Policies. Clear security policies and enforcement are essential for ensuring that employees understand their roles within the broader security framework, including responsibilities on strong password use, secure data handling, and prompt incident reporting. Implementing the principle of least privilege, which restricts access based on specific roles, mitigates potential harm from insider threats and inadvertent data exposure. Policies should evolve through routine security audits, including technical assessments and evaluations of employee protocol adherence, which will help organisations with a swifter identification of vulnerabilities and to take the necessary corrective actions.
However, despite the best efforts, breaches do happen – and this is where a well-defined incident response plan, that is regularly tested and updated, is crucial to minimise the damage. This requires every employee to know their roles and responsibilities during a security incident.
Tech Expansion Leading to Cyber Complexity
Cloud. Initially hesitant to transition essential workloads to the cloud, the BFSI industry has experienced a shift in perspective due to the rise of inventive SaaS-based Fintech tools and hybrid cloud solutions, that have created new impetus for change. This new distributed architecture requires a fresh look at cyber measures. Secure Access Service Edge (SASE) providers are integrating a range of cloud-delivered safeguards, such as FWaaS, CASB, and ZTNA with SD-WAN to ensure organisations can securely access the cloud without compromising on performance.
Data & AI. Data holds paramount importance in the BFSI industry for informed decision-making, personalised customer experiences, risk assessment, fraud prevention, and regulatory compliance. AI applications are being used to tailor products and services, optimise operational efficiency, and stay competitive in an evolving market. As part of their technology modernisation efforts, 47% of BFSI institutions are refining their data and AI strategies. They also acknowledge the challenges associated – and satisfying risk, regulatory, and compliance requirements is one of the biggest challenges facing BFSI organisations in the AI deployments.
The rush to experiment with Generative AI and foundation models to assist customers and employees is only heightening these concerns. There is an urgent need for policies around the use of these emerging technologies. Initiatives such as the Monetary Authority of Singapore’s Veritas that aim to enable financial institutions to evaluate their AI and data analytics solutions against the principles of fairness, ethics, accountability, and transparency (FEAT) are expected to provide the much-needed guidance to the industry.

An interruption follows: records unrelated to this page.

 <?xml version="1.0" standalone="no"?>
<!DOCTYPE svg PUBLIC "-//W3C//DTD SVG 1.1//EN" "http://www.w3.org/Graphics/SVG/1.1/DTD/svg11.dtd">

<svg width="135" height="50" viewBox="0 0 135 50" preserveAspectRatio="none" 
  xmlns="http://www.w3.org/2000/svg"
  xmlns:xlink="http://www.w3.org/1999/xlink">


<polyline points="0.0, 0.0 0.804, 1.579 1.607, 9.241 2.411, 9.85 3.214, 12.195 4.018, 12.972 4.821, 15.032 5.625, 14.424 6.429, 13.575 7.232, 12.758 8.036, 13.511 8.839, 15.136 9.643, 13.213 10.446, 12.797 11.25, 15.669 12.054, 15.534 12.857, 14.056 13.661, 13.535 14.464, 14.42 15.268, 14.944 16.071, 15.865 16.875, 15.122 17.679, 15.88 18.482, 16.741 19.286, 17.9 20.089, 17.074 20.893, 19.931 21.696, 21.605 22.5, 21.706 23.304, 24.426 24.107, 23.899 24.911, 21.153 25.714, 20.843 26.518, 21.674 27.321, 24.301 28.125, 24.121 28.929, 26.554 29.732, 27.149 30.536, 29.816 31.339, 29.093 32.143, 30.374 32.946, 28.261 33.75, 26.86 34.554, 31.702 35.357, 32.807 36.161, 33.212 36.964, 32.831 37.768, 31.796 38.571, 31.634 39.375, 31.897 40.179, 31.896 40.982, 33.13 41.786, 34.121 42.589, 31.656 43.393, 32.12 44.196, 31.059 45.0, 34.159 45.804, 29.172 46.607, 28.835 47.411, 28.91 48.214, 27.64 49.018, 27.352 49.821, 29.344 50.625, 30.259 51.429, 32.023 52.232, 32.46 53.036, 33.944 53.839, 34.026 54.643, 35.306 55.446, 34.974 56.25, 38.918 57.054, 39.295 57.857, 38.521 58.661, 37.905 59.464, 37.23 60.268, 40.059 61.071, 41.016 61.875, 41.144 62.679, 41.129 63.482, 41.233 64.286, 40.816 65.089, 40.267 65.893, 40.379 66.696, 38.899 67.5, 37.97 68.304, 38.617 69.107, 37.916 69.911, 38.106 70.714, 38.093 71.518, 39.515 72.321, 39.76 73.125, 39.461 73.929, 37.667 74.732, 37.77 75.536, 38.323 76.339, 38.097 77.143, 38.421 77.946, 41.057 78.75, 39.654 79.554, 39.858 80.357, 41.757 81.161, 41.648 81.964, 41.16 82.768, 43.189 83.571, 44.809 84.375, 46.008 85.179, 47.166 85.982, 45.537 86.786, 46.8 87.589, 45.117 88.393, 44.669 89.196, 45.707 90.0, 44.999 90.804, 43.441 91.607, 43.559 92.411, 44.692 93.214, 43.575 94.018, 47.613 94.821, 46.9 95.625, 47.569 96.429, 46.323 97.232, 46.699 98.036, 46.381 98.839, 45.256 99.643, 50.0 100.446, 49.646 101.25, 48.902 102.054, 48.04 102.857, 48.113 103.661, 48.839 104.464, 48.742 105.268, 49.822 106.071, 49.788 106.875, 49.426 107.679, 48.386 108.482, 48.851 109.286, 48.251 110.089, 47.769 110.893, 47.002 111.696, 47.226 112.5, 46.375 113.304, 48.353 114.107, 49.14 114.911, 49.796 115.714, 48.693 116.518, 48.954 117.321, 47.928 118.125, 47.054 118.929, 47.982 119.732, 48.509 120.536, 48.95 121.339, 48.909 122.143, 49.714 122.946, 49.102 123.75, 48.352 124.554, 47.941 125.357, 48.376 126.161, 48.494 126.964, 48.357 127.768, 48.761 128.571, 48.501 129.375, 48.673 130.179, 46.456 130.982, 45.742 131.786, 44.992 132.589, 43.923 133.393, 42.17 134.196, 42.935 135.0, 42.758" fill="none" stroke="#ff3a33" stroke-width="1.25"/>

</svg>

Digital Workplace. As with other industries with a high percentage of knowledge workers, BFSI organisations are grappling with granting remote access to staff. Cloud-based collaboration and Fintech tools, BYOD policies, and sensitive data traversing home networks are all creating new challenges for cyber teams. Modern approaches, such as zero trust network access, privilege management, and network segmentation are necessary to ensure workers can seamlessly but securely perform their roles remotely.
Looking Beyond Technology: Evaluating the Adequacy of Compliance-Centric Cyber Strategies
The BFSI industry stands among the most rigorously regulated industries, with scrutiny intensifying following every collapse or notable breach. Cyber and data protection teams shoulder the responsibility of understanding the implications of and adhering to emerging data protection regulations in areas such as GDPR, PCI-DSS, SOC 2, and PSD2. Automating compliance procedures emerges as a compelling solution to streamline processes, mitigate risks, and curtail expenses. Technologies such as robotic process automation (RPA), low-code development, and continuous compliance monitoring are gaining prominence.

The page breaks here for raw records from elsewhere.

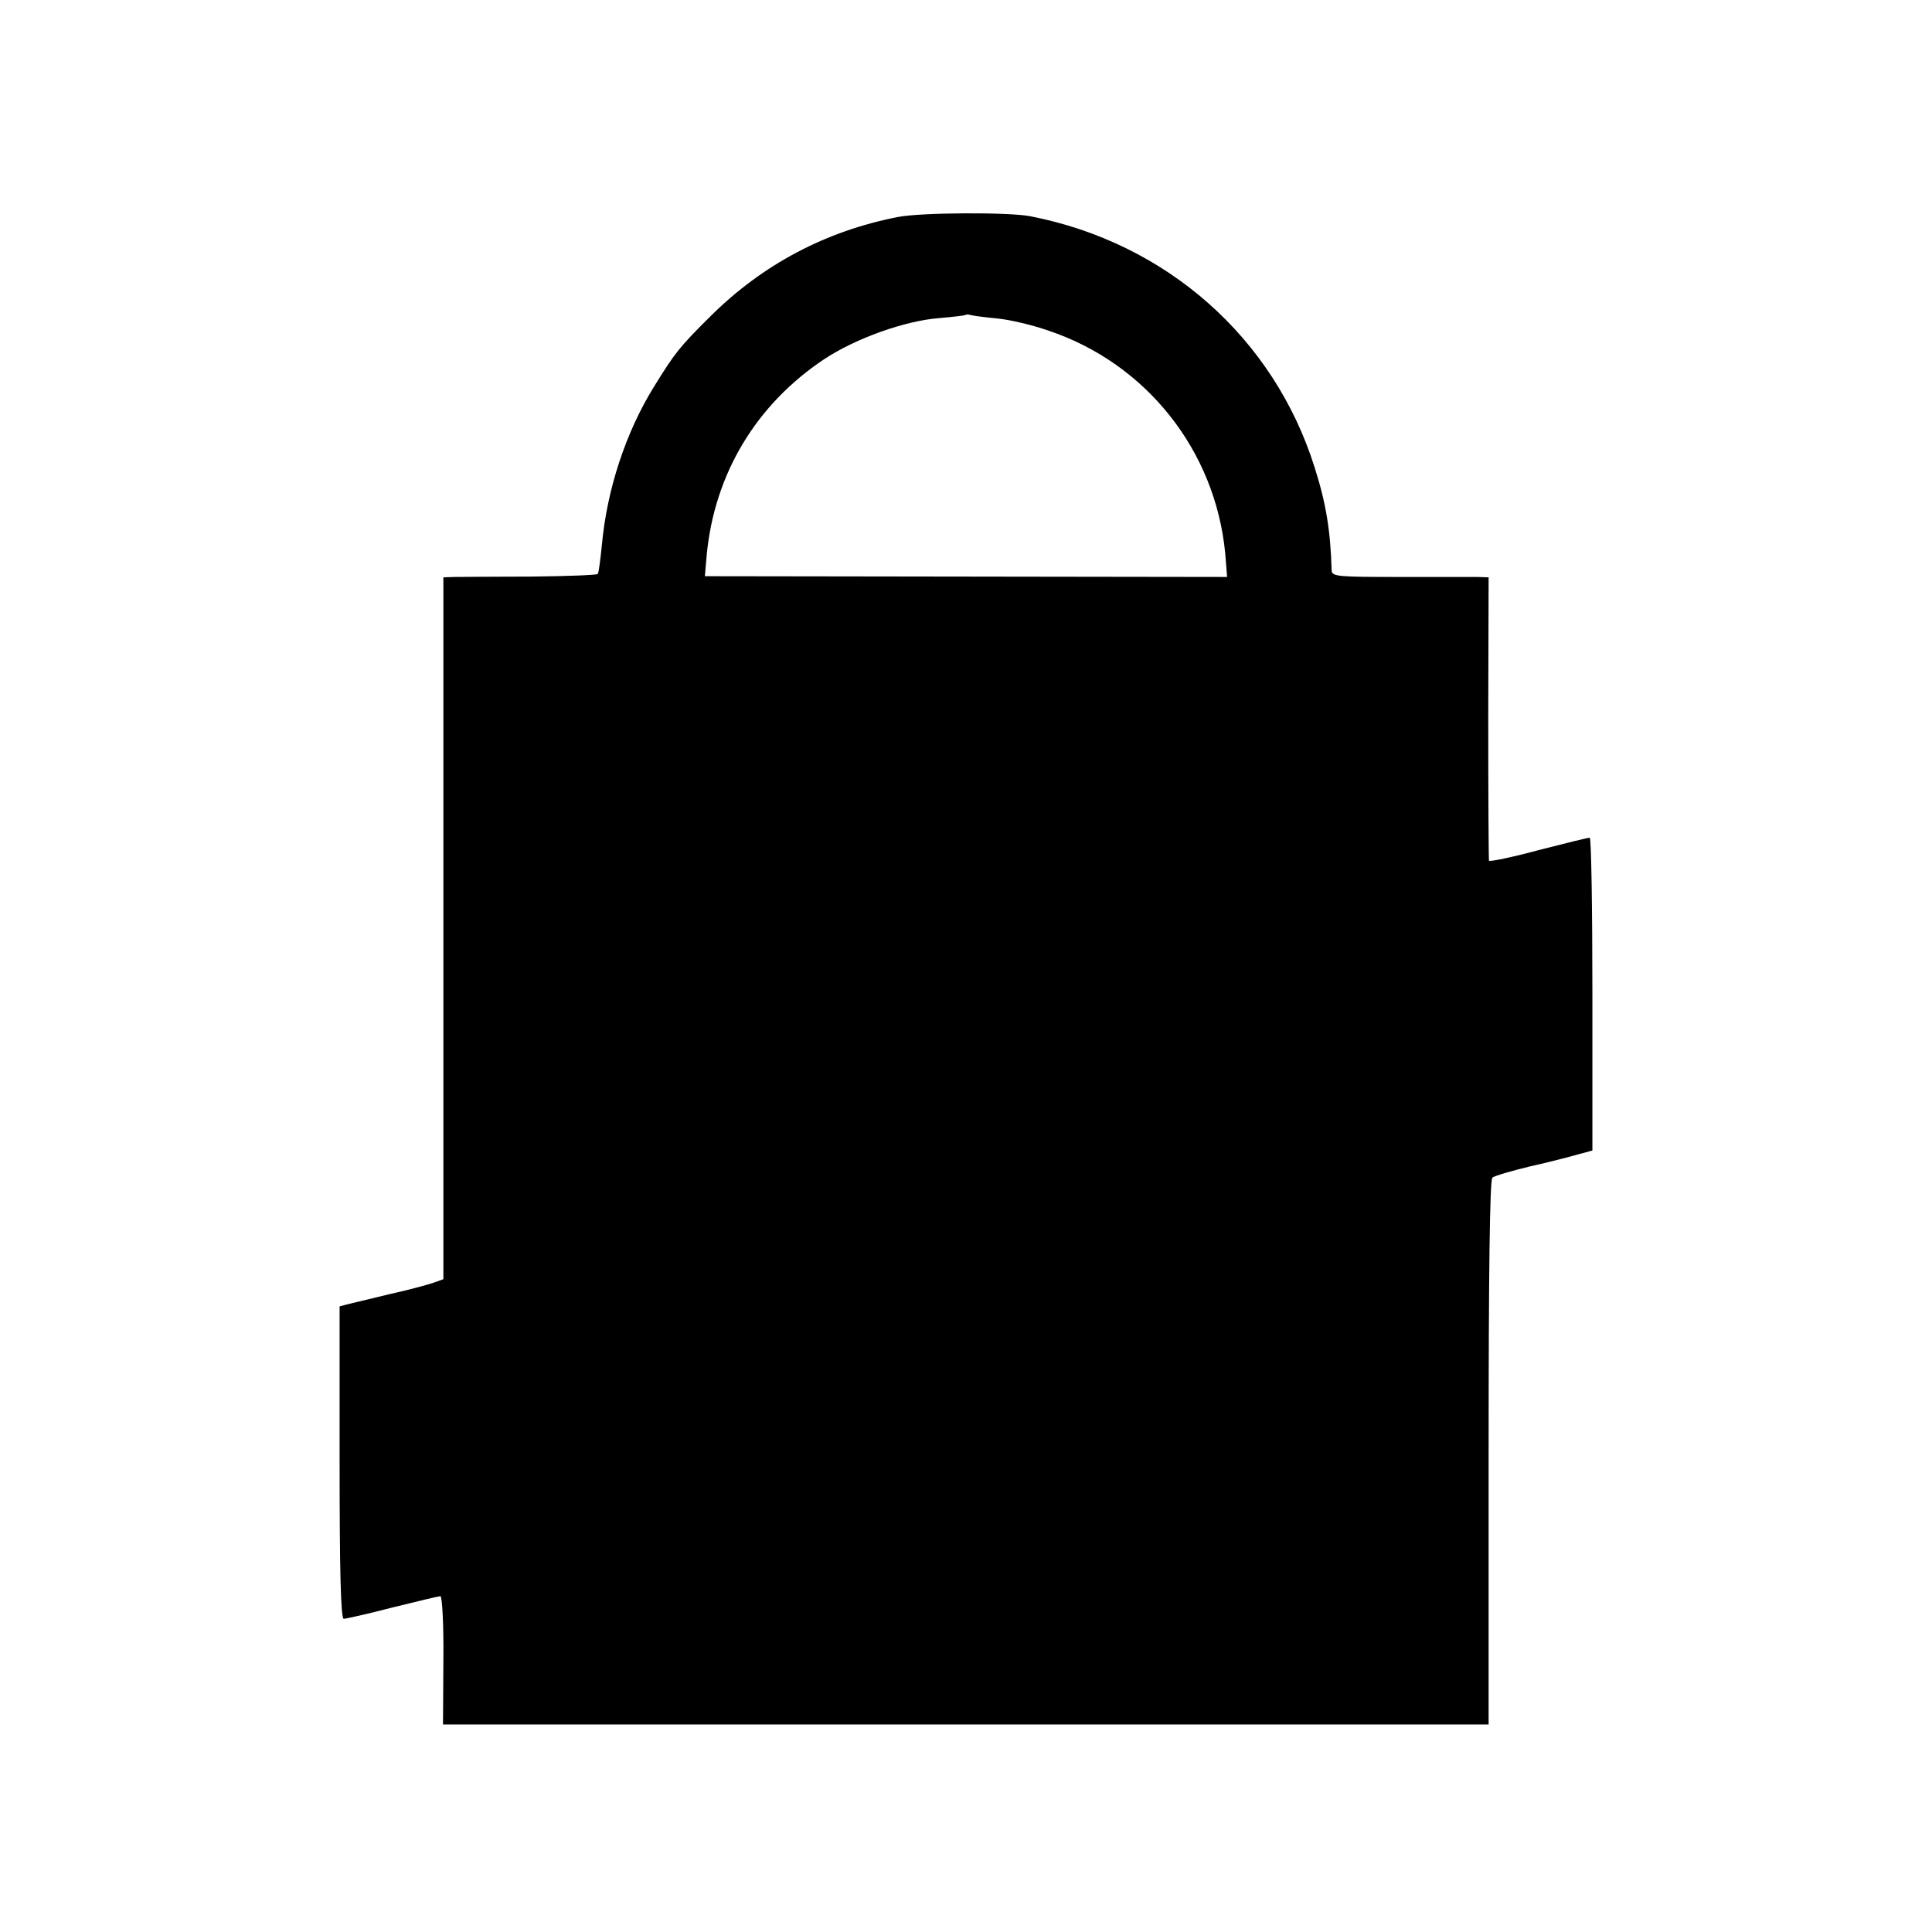 <?xml version="1.0" standalone="no"?>
<!DOCTYPE svg PUBLIC "-//W3C//DTD SVG 20010904//EN"
 "http://www.w3.org/TR/2001/REC-SVG-20010904/DTD/svg10.dtd">
<svg version="1.0" xmlns="http://www.w3.org/2000/svg"
 width="512pt" height="512pt" viewBox="0 0 512 512"
 preserveAspectRatio="xMidYMid meet">
<g transform="translate(0,512) scale(0.1,-0.1)"
fill="#000000" stroke="none">
<path d="M2380 4545 c-191 -37 -359 -126 -496 -262 -84 -83 -96 -99 -151 -188
-75 -121 -125 -274 -138 -420 -4 -38 -8 -72 -11 -76 -2 -3 -81 -6 -176 -7 -95
0 -187 -1 -203 -1 l-30 -1 0 -930 0 -930 -25 -9 c-14 -5 -65 -19 -115 -30 -49
-12 -100 -24 -112 -27 l-23 -6 0 -414 c0 -285 3 -414 11 -414 5 0 64 13 129
30 65 16 123 30 127 30 5 0 9 -77 8 -170 l-1 -170 1386 0 1385 0 0 721 c0 472
3 723 10 728 5 5 51 18 100 30 50 11 107 26 128 32 l37 10 0 414 c0 228 -3
415 -7 415 -5 0 -66 -15 -136 -33 -70 -19 -129 -31 -131 -28 -1 3 -2 174 -2
379 l1 372 -30 1 c-16 0 -110 0 -207 0 -161 0 -178 1 -179 17 -3 106 -15 179
-45 273 -108 344 -393 596 -754 666 -57 11 -289 10 -350 -2z m263 -269 c32 -3
92 -17 135 -32 260 -87 443 -318 469 -591 l5 -62 -692 1 -692 1 5 58 c21 214
131 397 311 517 83 55 214 102 305 109 36 3 68 7 69 8 2 2 9 2 15 0 7 -2 38
-6 70 -9z"/>
</g>
</svg>

The adoption of AI to enhance security is still emerging but will accelerate rapidly. Ecosystm research shows that within the next two years, nearly 70% of BFSI organisations will have invested in SecOps. AI can help Security Operations Centres (SOCs) prioritise alerts and respond to threats faster than could be performed manually. Additionally, the expanding variety of network endpoints, including customer devices, ATMs, and tools used by frontline employees, can embrace AI-enhanced protection without introducing additional onboarding friction.
However, there is a need for BFSI organisations to look beyond compliance checklists to a more holistic cyber approach that can prioritise cyber measures continually based on the risk to the organisations. And this is one of the biggest challenges that BFSI CISOs face. Ecosystm research finds that 72% of cyber and technology leaders in the industry feel that there is limited understanding of cyber risk and governance in their organisations.
In fact, BFSI organisations must look at the interconnectedness of an intelligence-led and risk-based strategy. Thorough risk assessments let organisations prioritise vulnerability mitigation effectively. This targeted approach optimises security initiatives by focusing on high-risk areas, reducing security debt. To adapt to evolving threats, intelligence should inform risk assessment. Intelligence-led strategies empower cybersecurity leaders with real-time threat insights for proactive measures, actively tackling emerging threats and vulnerabilities – and definitely moving beyond compliance-focused strategies.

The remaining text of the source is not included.